Sunnybrook Park is a major park in Toronto that connects to the Don Valley from the west. It is home to the Sunnybrook Stables, dog parks, and many sport fields. There are also many bike and walking paths, with a few car-accessible roads scattered throughout. The park is also known for its cricket.

=== Burke Brook Ravine ===
The Burke Brook Ravine is a ravine that stretches from Sunnybrook Park to Bayview Avenue. The ravine has no official trail connection to Bayview Avenue but is accessible from Bayview Avenue by steeply sloping paths.

=== Sunnydene Park ===
Sunnydene Park is a small park just to the east of Sherwood Park, to the west of Bayview Avenue. The park is near Sherwood Park and maps include it as part of Sherwood Park

=== Sherwood Park ===
Sherwood Park is a park in Toronto. It contains a city maintenance building, a water park, a playground, and washrooms. It contains 2 paths to the left and right of the Burke Brook. It contains a dog-off-leash park to the south-east north of the Mount Hope Catholic Cemetery and west of Sunnydene Park.

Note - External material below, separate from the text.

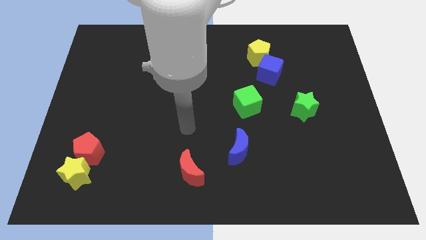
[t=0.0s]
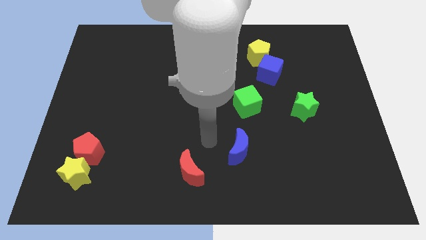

To the north of the park is Blythwood Road and the Blythwood Ravine. A road leads west out of the park to Sherwood Avenue.

=== Blythwood Ravine Park ===
Blythwood Ravine Park is a ravine between Alexander Muir Memorial Gardens and Blythwood Road. It also has entrances and the end of Strathgowan Avenue and Glengowan Road. The park is quite skinny and acts as a connector park between Sherwood park and Alexander Muir Memorial Gardens/ Yonge Street.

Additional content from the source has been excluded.